"""

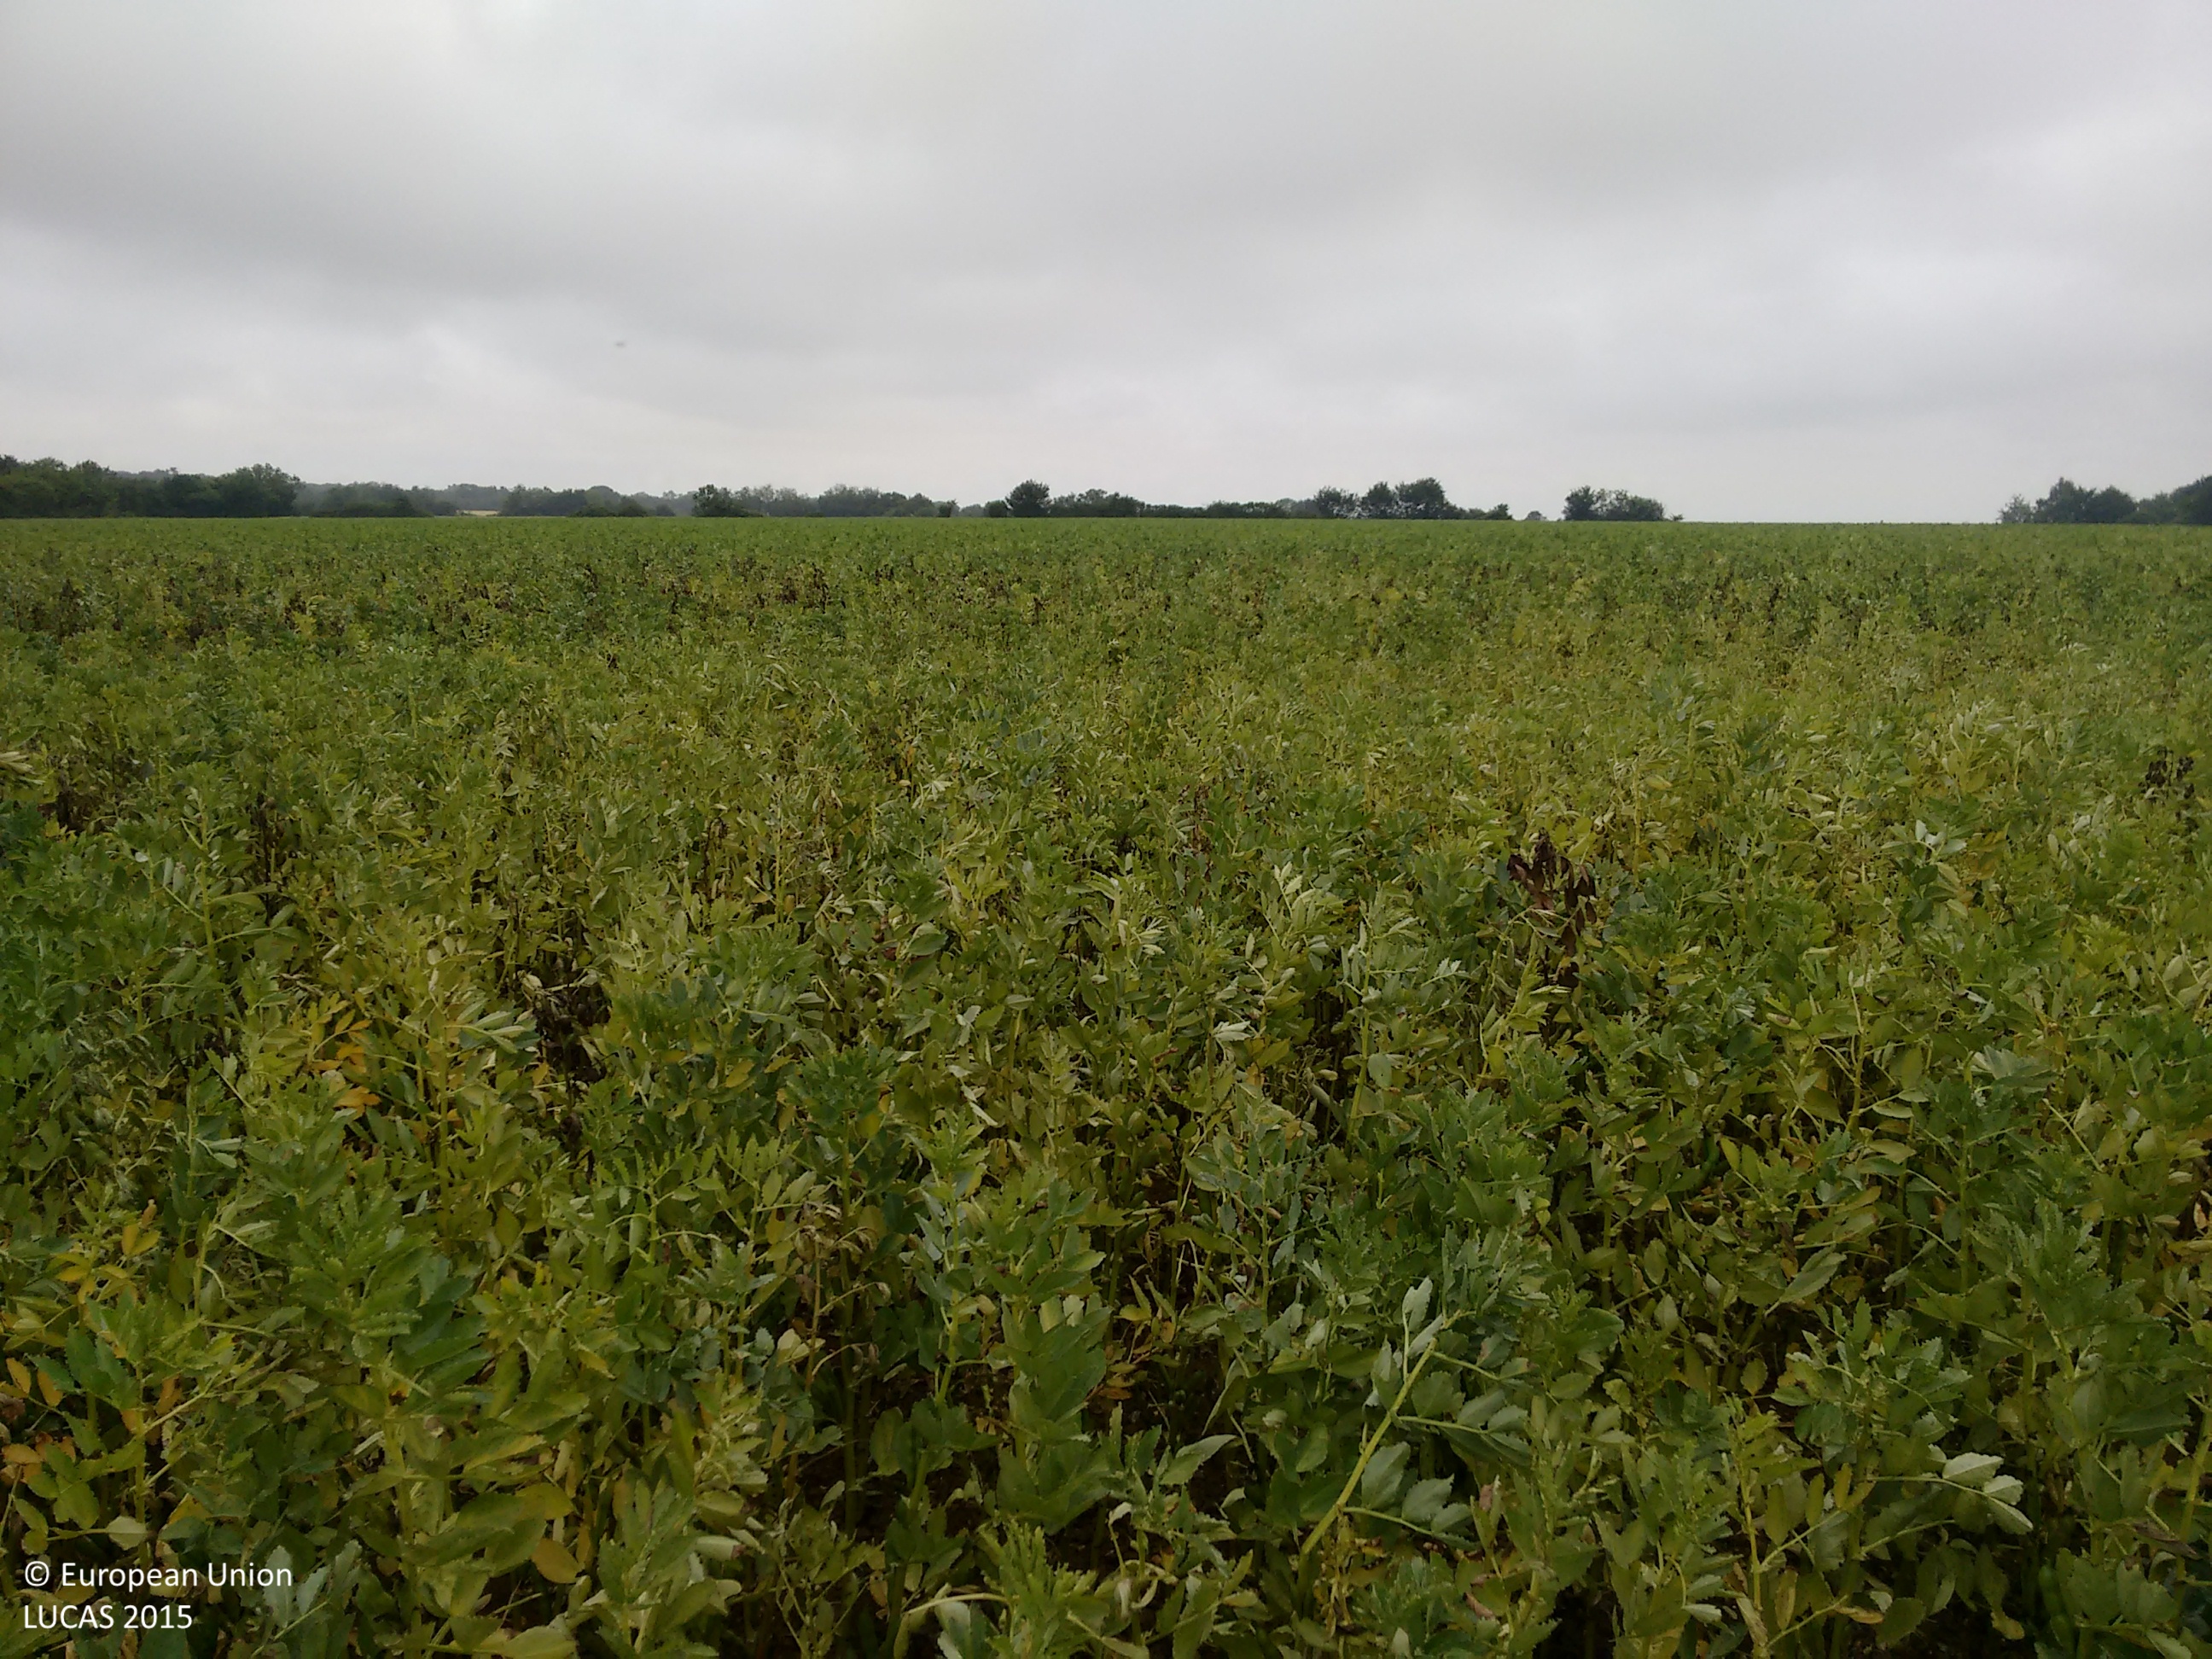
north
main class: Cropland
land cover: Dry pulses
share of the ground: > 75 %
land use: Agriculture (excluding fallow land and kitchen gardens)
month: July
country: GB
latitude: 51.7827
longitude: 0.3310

"""

What needs to be done:
Output the records exactly, pictures excluded.

Response box:
north
main class: Cropland
land cover: Dry pulses
share of the ground: > 75 %
land use: Agriculture (excluding fallow land and kitchen gardens)
month: July
country: GB
latitude: 51.7827
longitude: 0.3310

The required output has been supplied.